The Trouble With Quarterbacks
“I’m practically naked!”
“Hardly,” Logan says, a wicked look in his eyes as he gathers my most prized possession, wads it into a ball, and tosses it out of the pool. Red fabric heaps beside a lounger, and now I’m stuck, in here with him, with barely any clothes on.
“Give me your tee!” I say, swimming closer and starting to pry the wet material off his abs. “It’ll cover me well enough. Probably go down to my ankles with any luck.”
“Sure thing,” he says, reaching back in that ultra-sexy way to yank his shirt up and off in one fell swoop. Then he holds it out for me, and I reach for it. As soon as my fingers touch it, he jerks it away and tosses it out beside my dress. “Actually, why bother? It’s sopping wet. You don’t want to put it on anyway.”
My eyes are wide as saucers. I’m pretty sure my jaw is dropped so low my chin is skimming the surface of the water. “I did want it, you cow! Now look what you’ve done.
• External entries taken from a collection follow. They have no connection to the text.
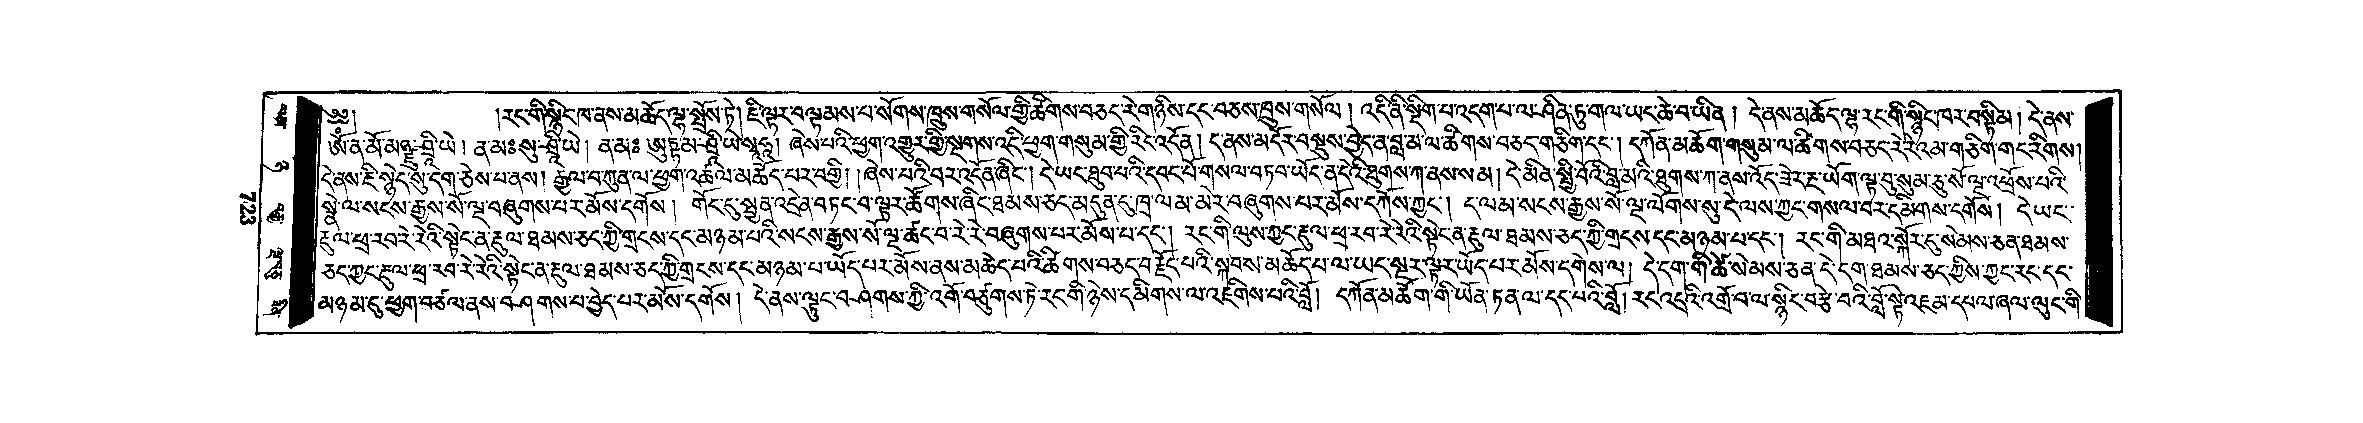༄༅། །རང་གི་སྙིང་ཁ་ནས་མཆོད་ལྷ་སྤྲོས་ཏེ། ཇི་ལྟར་བལྟམས་པ་སོགས་ཁྲུས་གསོལ་གྱི་ཚིགས་བཅད་རེ་གཉིས་དང་བཅས་ཁྲུས་གསོལ། འདི་ནི་སྡིག་པ་འདག་པ་ལ་ཤིན་ཏུ་གལ་ཡང་ཆེ་བ་ཡིན། དེ་ནས་མཆོད་ལྷ་རང་གི་སྙིང་ཁར་བསྟིམ། དེ་ནས་
ཨོཾ་ན་མོ་མཉྫུ་ཤྲཱི་ཡེ། ན་མཿ སུ་ཤྲཱི་ཡེ། ན་མཿ ཨུཏྟ་མ་ཤྲཱི་ཡེ་སྭཱཧཱ། ཞེས་པའི་ཕྱག་འགྱུར་གྱི་སྔགས་འདི་ཕྱག་གསུམ་གྱི་རིང་འདོན། ད་ནས་མདོར་བསྡུས་བྱེད་ན་བླ་མ་ལ་ཚིགས་བཅད་གཅིག་དང་། དཀོན་མཆོག་གསུམ་ལ་ཚིགས་བཅད་རེ་རེའམ་གཅིག་གང་རིགས།
དེ་ནས་ཇི་སྙེད་སུ་དག་ཅེས་པ་ནས། རྒྱལ་བ་ཀུན་ལ་ཕྱག་འཚལ་མཆོད་པར་བགྱི། །ཞེས་པའི་བར་འདོན་ཞིང་། དེ་ཡང་ཐུབ་པའི་དབང་པོ་གསལ་བཏབ་ཡོད་ན་དེའི་ཐུགས་ཀ་ནས་སམ། དེ་མིན་སྤྱི་བོའི་བླ་མའི་ཐུགས་ཀ་ནས་འོད་ཟེར་རྔ་ཡོག་ལྟ་བུ་སུམ་ཅུ་སོ་ལྔ་འཕྲོས་པའི་
སྣེ་ལ་སངས་རྒྱས་སོ་ལྔ་བཞུགས་པར་མོས་དགོས། གོང་དུ་སྤྱན་འདྲེན་བཏང་བ་ལྟར་ཚོགས་ཞིང་ཐམས་ཅད་མདུན་དུ་ཁྲ་ལམ་མེར་བཞུགས་པར་མོས་དཀོས་ཀྱང་། ད་ལམ་སངས་རྒྱས་སོ་ལྔ་ལོགས་སུ་དེ་ལས་ཀྱང་གསལ་བར་དམིགས་དགོས། དེ་ཡང་
རྡུལ་ཕྲ་རབ་རེ་རེའི་སྟེང་ན་རྡུལ་ཐམས་ཅད་ཀྱི་གྲངས་དང་མཉམ་པའི་སངས་རྒྱས་སོ་ལྔ་ཚང་བ་རེ་རེ་བཞུགས་པར་མོས་པ་དང་། རང་གི་ལུས་ཀྱང་རྡུལ་ཕྲ་རབ་རེ་རེའི་སྟེང་ན་རྡུལ་ཐམས་ཅད་ཀྱི་གྲངས་དང་མཉམ་པ་དང་། རང་གི་མཐའ་སྐོར་དུ་སེམས་ཅན་ཐམས་
ཅད་ཀྱང་རྡུལ་ཕྲ་རབ་རེ་རེའི་སྟེང་ན་རྡུལ་ཐམས་ཅད་ཀྱི་གྲངས་དང་མཉམ་པ་ཡོད་པར་མོས་ནས་མཆེད་པའི་ཚིགས་བཅད་བརྗོད་པའི་སྐབས་མཆོད་པ་ལ་ཡང་སྔར་ལྟར་ཡོད་པར་མོས་དགེས་ལ། དེ་དག་གི་ཚེ་སེམས་ཅན་དེ་དག་ཐམས་ཅད་ཀྱིས་ཀྱང་རང་དང་
མཉམ་དུ་ཕྱག་བཙལ་ནས་བཤགས་པར་བྱེད་པར་མོས་དགོས། དེ་ནས་ལྟུང་བཤགས་ཀྱི་འགོ་བཙུགས་ཏེ་རང་གི་ཉེས་དམིགས་ལ་འཇིགས་པའི་བློ། དཀོན་མཆོག་གི་ཡོན་ཏན་ལ་དད་པའི་བློ། རང་འདྲའི་འགྲོ་བ་ལ་སྙིང་བརྩེ་བའི་བློ་སྟེ་འཇམ་དཔལ་ཞལ་ལུང་གི་

You’re there, all nude and glorious and tan, and I haven’t got a stitch of clothing to put on. We’re basically in a porno!”
He grins. “Want my jeans?”
“Oh har har. Funny guy. Sure, give me those and let me put them on so I don’t moon everyone and give them a fright on my way out of the pool.”
At the depth we’re standing in, his chest is up out of the water; meanwhile, I’m up to my neck, basically treading water to stay alive. It’s getting a bit difficult as I’ve got the upper body strength of an infant. He sees me starting to struggle and reaches out for my hand, dragging me toward the shallow end. I let him, right up until my breasts are about to crest the water, and then I yank my hand back.
“That’s enough, you rascal. I know what you’re after. Trying to get a peek, are we?”
He shrugs as if he’s not even a little remorseful, and then he sweeps his wet hair off his face. “Can’t blame a guy for trying.”
“Good to know what you’re really like under all that charm and hair—a naughty little bugger. Now give me your trousers like you promised.”
He reaches down to undo the button on his jeans, and I go a bit lightheaded from watching him. Water sluices down his toned abs. They are, without a doubt, the best set of muscles I’ve ever seen. He’s so tall and lean, but built too, like every part of him is in tip-top shape, not a centimeter gone to waste. He’s got this fabulously sharp Adonis V that basically draws my eyes down to where I should not under any circumstances look, but well, sue me, because I do. I have no choice. My eyeballs are glued to him as he starts to take off his trousers and reveals a pair of navy Calvin Klein boxer briefs. I’d bet they pay him a million dollars to wear those and represent their brand. They’d be stupid not to.
In my head, I’m quite a perv, so obviously I try to get a good look at what he’s got going on down there, but everything below his waistline is under the water and it’s fairly dark out here. Oy, someone turn a spotlight on, will you?
Once my eyes go a bit cross from all the struggling, I finally blink and force my gaze up to his face. He’s looking right at me, like he’s been waiting ages for my eyes to get to his. He’s grinning. The bastard.
“Seen enough?”
“Quite,” I snap, snatching his jeans away from him and trying to struggle into them.
It’s not possible to do it at this depth. I’m not some aquatic acrobat who can balance and float and don clothing all at once. I huff and start for an even shallower section of the pool, but then cool air hits my chest and I duck under again, sending Logan a searing glare.
He shrugs, like he had absolutely nothing to do with my faux pas this time, but from the gleam in his gaze, I can tell he’s benefitted from it.
I learn my lesson and trudge forward a few more steps, this time with my back turned to him so my hair acts like a curtain against my skin. I shimmy into his jeans, and once I’ve got them pulled all the way up, I realize there’s still half a leg of material dragging on the pool bottom. I groan and lift each leg to roll up the denim so they fit nicely. Then I cinch the waistband in my hand and turn around.
“How do I look?”
“Like you’re wearing a pair of men’s jeans that are about ten sizes too big.”
“It’s not my fault you’ve got a fat arse.”